La Riforma dell’organizzazione dell’assistenza sanitaria territoriale è regolata dal decreto interministeriale di natura regolamentare del 23 maggio 2022. Pur essendo chiari i suoi contenuti principali, a due anni dalla pubblicazione del decreto resta ancora quasi tutto da fare… E i propositi restano solo buoni propositi, come è facile verificare anche ad una prima veloce lettura: definire un nuovo modello organizzativo per la rete di assistenza primaria in grado di individuare standard strutturali, tecnologici e organizzativi uniformi su tutto il territorio nazionale, per garantire a cittadini e operatori del SSN il rispetto dei Livelli Essenziali di Assistenza – LEA; facilitare l’individuazione delle priorità di intervento in un’ottica di prossimità e di integrazione tra le reti assistenziali territoriali, ospedaliere e specialistiche; favorire la continuità delle cure per coloro che vivono in condizioni di cronicità, fragilità o disabilità, che comportano il rischio di non autosufficienza anche attraverso l’integrazione tra il servizio sociale e quello sanitario; disegnare un nuovo assetto istituzionale per la prevenzione in ambito sanitario ambientale e climatico; allinearsi agli standard qualitativi di cura dei migliori Paesi europei.

Ma è soprattutto nella carenza dell’assistenza domiciliare che si registrano le maggiori delusioni a cui vanno incontro i pazienti e le loro famiglie. Affermare che la casa è il primo luogo di cura è giusto, a condizione che le cure domiciliari costituiscano un servizio efficace messo in opera dal Distretto per l’erogazione al domicilio di interventi caratterizzati da un livello di intensità e complessità assistenziale variabile nell’ambito di specifici percorsi di cura e di un piano personalizzato di assistenza. Trattamenti medici, infermieristici, riabilitativi, diagnostici, ecc. devono essere prestati da personale sanitario e sociosanitario qualificato per la cura e l’assistenza alle persone non autosufficienti e in condizioni di fragilità, per stabilizzare il quadro clinico, limitare il declino funzionale e migliorare la qualità della vita quotidiana.

Analogamente ciò deve accadere con la Rete delle cure palliative, che deve essere in grado di garantire la presa in carico globale del paziente e del suo nucleo familiare.
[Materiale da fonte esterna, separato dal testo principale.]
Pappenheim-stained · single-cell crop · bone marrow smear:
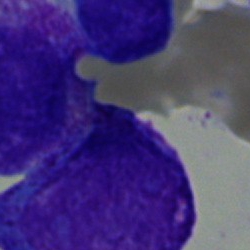

Cell type — promyelocyte.
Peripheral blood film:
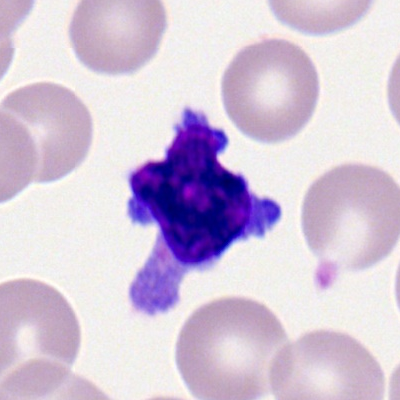 Q: What is shown here?
A: A typical lymphocyte.
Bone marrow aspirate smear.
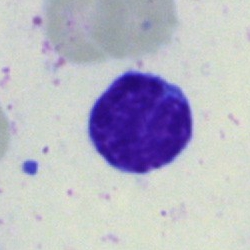
Q: Identify the cell.
A: It is a typical lymphocyte.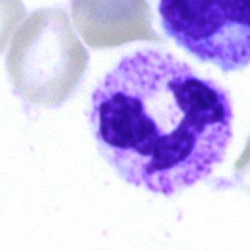 Bone marrow smear showing a neutrophil (segmented).
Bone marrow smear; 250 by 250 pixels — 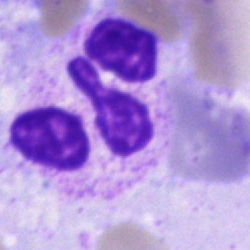
Specimen: bone marrow aspirate smear.
Cell: segmented neutrophil.
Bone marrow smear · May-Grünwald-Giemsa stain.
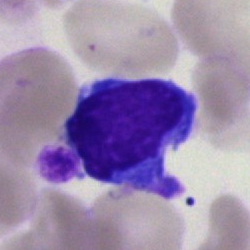

Morphology → typical lymphocyte.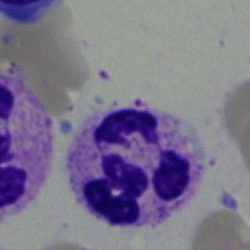

Single cell identified as a segmented neutrophil.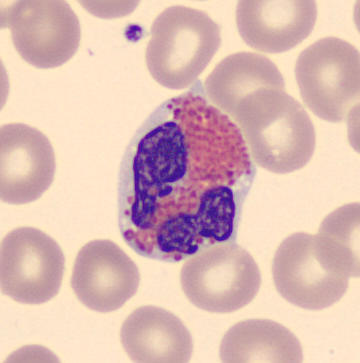
Q: What type of cell is this?
A: This is an eosinophilic granulocyte.
Acquisition: Peripheral blood smear.
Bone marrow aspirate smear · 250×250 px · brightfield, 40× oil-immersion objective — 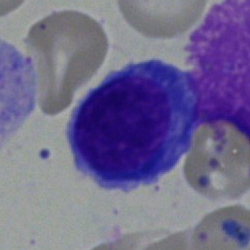
Q: Identify the cell.
A: This is a normoblast.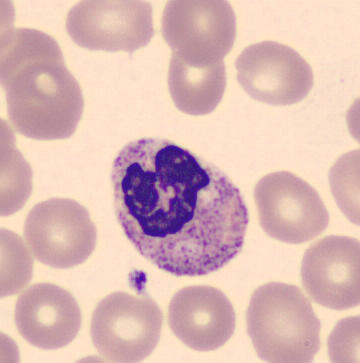

Imaged on a CellaVision DM96 analyser.
Specimen: peripheral blood smear.
Cell: segmented neutrophil.
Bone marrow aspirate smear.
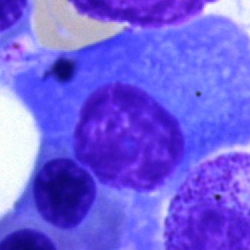
Single cell identified as a plasmacyte.
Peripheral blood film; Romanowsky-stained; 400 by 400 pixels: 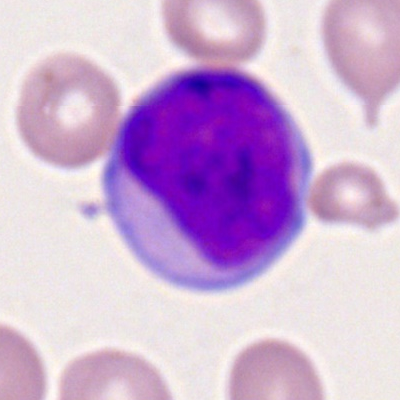A myeloid blast.
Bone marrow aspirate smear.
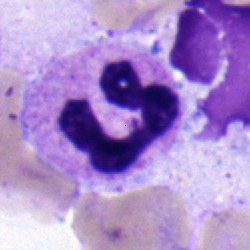 Cell — segmented neutrophil.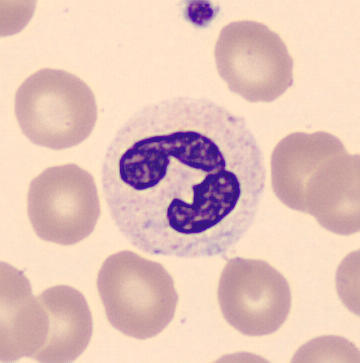 {"cell_type": "segmented neutrophil", "lineage": "myeloid"}

Preparation: Peripheral blood smear.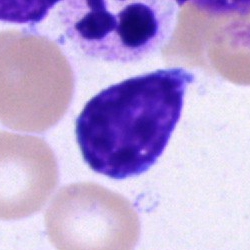 This is a lymphocyte.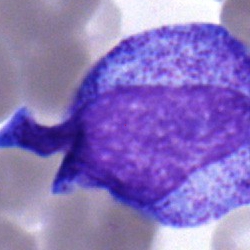Cell type — progranulocyte.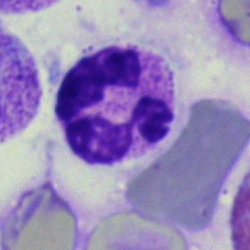
A segmented neutrophil.
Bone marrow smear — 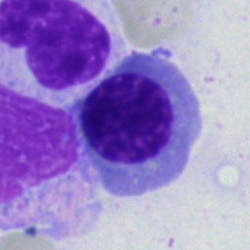

Morphological class — normoblast.
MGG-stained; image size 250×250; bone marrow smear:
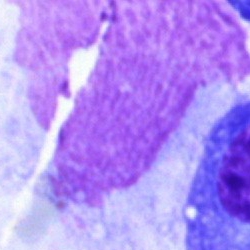

Morphological class — artefact.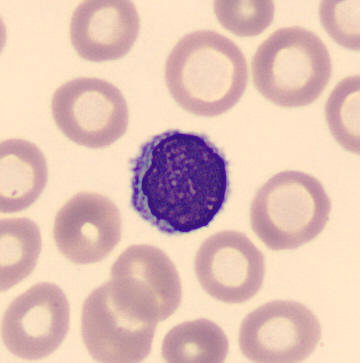 Image: Peripheral blood smear.
Morphology — lymphocyte.
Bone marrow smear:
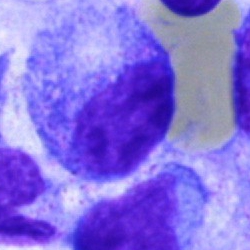
This is a promyelocyte.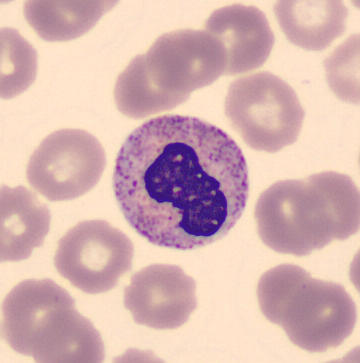
Impression → neutrophil (band). Image: May-Grünwald-Giemsa-stained. Peripheral blood film.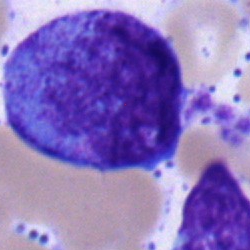
A progranulocyte.
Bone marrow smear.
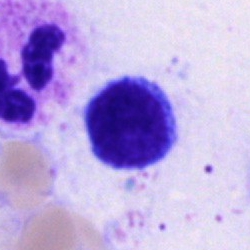

Cell — typical lymphocyte.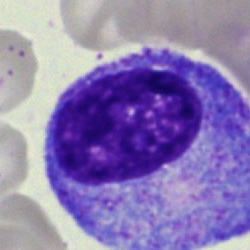Single cell identified as a progranulocyte.
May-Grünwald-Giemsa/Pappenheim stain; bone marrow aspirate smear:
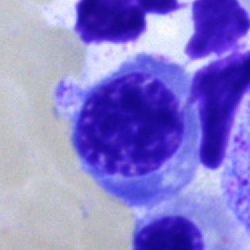This is a normoblast.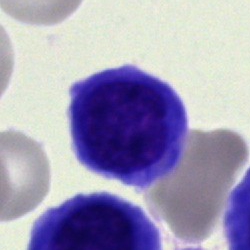Morphology — erythroblast.
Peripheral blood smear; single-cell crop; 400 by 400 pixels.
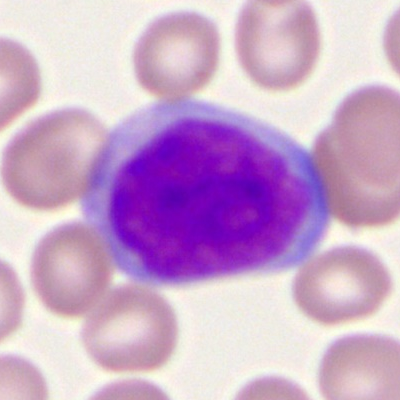
Morphology → myeloid blast.
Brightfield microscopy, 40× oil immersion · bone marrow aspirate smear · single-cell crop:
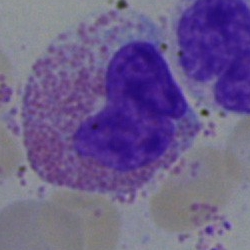 The morphological class is eosinophilic granulocyte.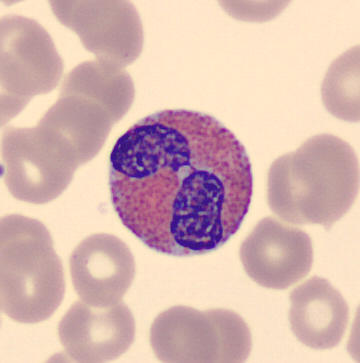
Classification = eosinophil.
Peripheral blood film.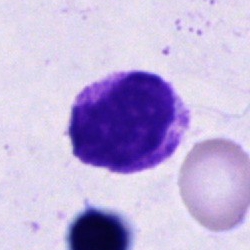Single-cell crop from a bone marrow smear: unidentifiable cell.
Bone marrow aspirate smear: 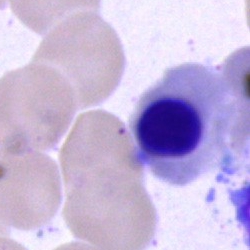Q: What cell is this?
A: This is an erythroblast.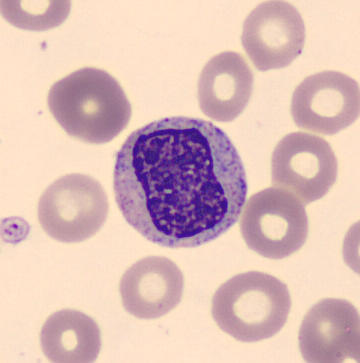

Cell — myelocyte.

Preparation: Peripheral blood smear; single-cell crop.
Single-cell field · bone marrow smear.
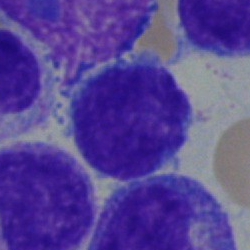
Q: What cell is this?
A: Lymphocyte.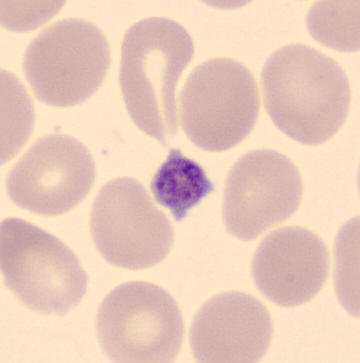 May Grünwald-Giemsa stain · peripheral blood smear · imaged on a CellaVision DM96 analyser.
This is a thrombocyte.
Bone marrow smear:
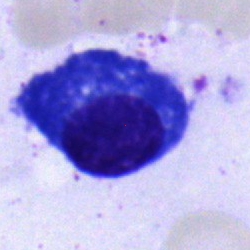

A plasma cell.
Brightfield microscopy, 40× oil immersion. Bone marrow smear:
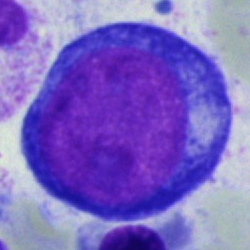 {"cell_type": "proerythroblast"}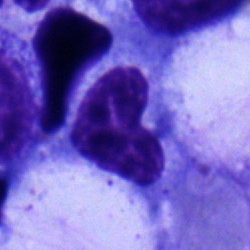Cell type — neutrophil (band).
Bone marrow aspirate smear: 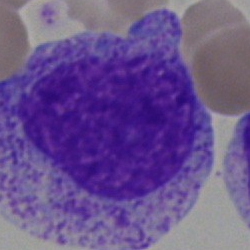
Q: Which cell type is shown here?
A: A promyelocyte.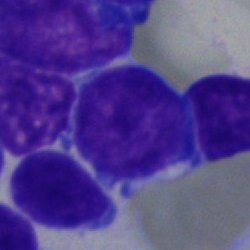 The cell is blast.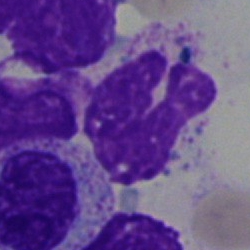 Bone marrow smear showing an artifact.
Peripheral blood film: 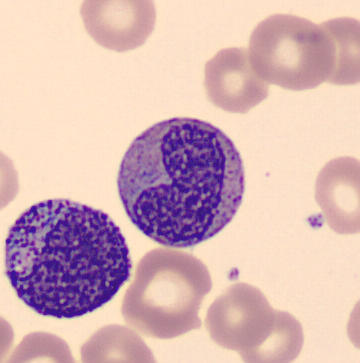

This is a metamyelocyte.
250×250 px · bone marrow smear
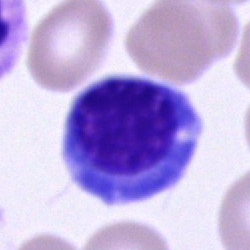

Morphology → normoblast.
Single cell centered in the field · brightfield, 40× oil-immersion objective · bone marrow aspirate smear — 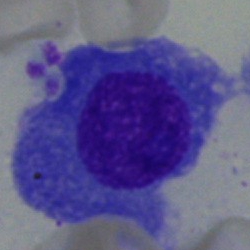Q: What cell is this?
A: It is a plasmacyte.
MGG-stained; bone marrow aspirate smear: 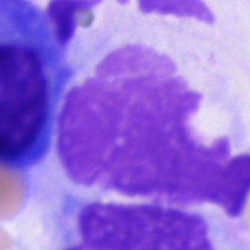
Specimen: bone marrow aspirate smear.
Cell type: artifact.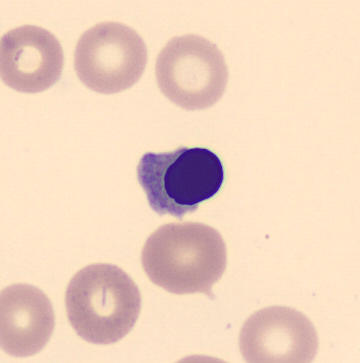
The cell type is normoblast.

Peripheral blood film.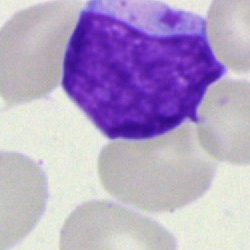Showing a blast cell.
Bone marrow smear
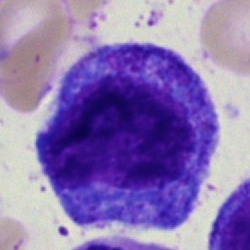 Q: What is the morphological classification of this cell?
A: Progranulocyte.
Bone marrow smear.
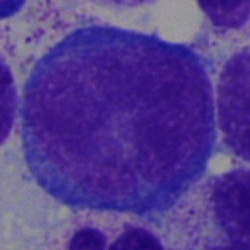

This is a proerythroblast.
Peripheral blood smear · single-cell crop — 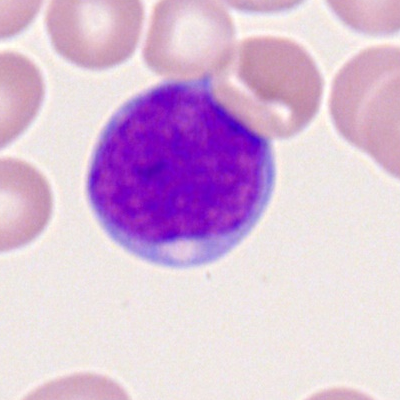Impression — myeloid blast.
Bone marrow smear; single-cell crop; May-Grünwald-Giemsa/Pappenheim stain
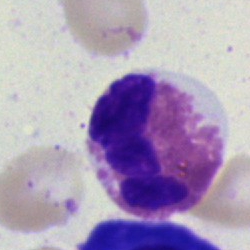
Morphology → eosinophilic granulocyte.
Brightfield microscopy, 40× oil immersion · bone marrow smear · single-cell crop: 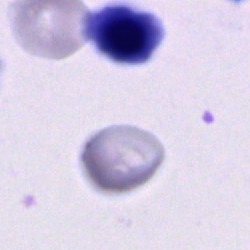Q: Identify the cell.
A: It is a cell of indeterminate lineage.
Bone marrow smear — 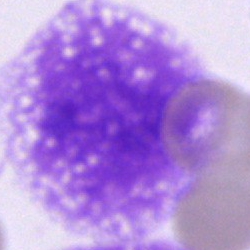

Cell — artefact.
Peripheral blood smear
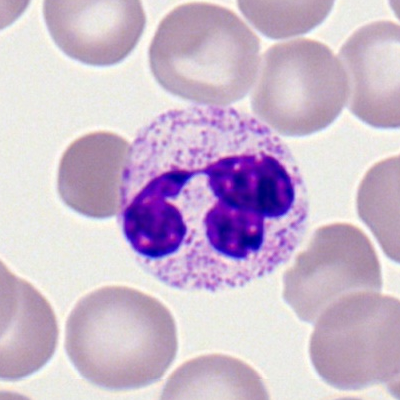Morphology — polymorphonuclear neutrophil.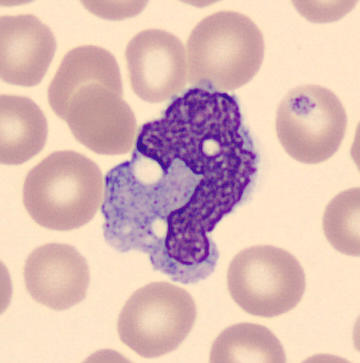

Showing a monocyte.
Peripheral blood film; imaged on a CellaVision DM96 analyser.
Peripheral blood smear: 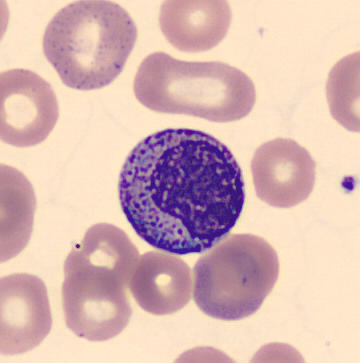 Classification — myelocyte.
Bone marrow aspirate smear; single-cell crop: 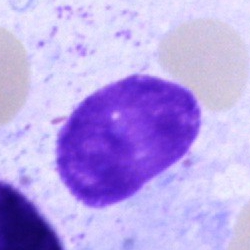Showing an artefact.
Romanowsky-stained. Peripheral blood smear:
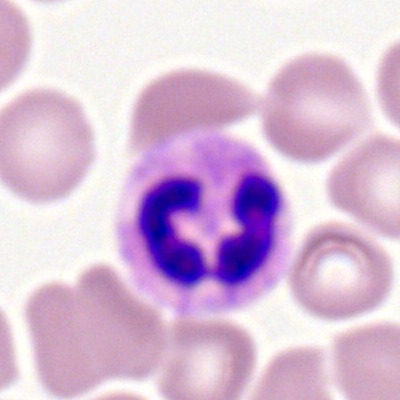

Specimen: peripheral blood smear.
Morphological class: neutrophil (segmented).
Lineage: myeloid.
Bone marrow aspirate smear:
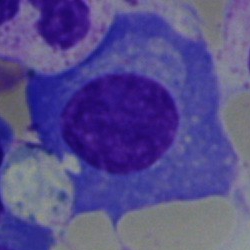
Morphology → plasmacyte.

E per questo occorre ricordare che le cure palliative sono rivolte a malati di qualunque età e non sono prerogativa della fase terminale della malattia. Possono infatti affiancare le altre cure anche nelle fasi precoci delle malattie cronico-degenerative, per prevenire ed attenuare gli effetti del declino funzionale. Nelle difficoltà dei mesi di pandemia è apparso in tutta evidenza quanto fosse importante l’investimento sulla prevenzione e in particolare su una rete di assistenza e sanità capillare sul territorio. Ma ora quella lezione sembra dimenticata, mentre invece emergono ogni giorno nuove ragioni per rilanciare una efficace sanità territoriale.

Assistenza territoriale

Cosa dire a quanti sostengono che non ci sono abbastanza risorse per realizzare la riforma del nostro SSN e renderlo più efficace, superando alcune delle criticità più vistose come gli accessi impropri al Pronto soccorso e almeno in parte le lunghe liste d’attesa? Basta ricordare che l’8,2% delle risorse del PNRR sono destinate al potenziamento del sistema sanitario. Si tratta di 15,63 miliardi di euro divisi in due componenti. La prima: 7 miliardi di euro destinati al rafforzamento dell’assistenza sanitaria territoriale, in particolare alle reti di prossimità (CDC), alla assistenza domiciliare e alla telemedicina. La seconda, 8,63 miliardi, prevede progetti di digitalizzazione e innovazione del sistema sanitario, insieme ad investimenti sulla ricerca.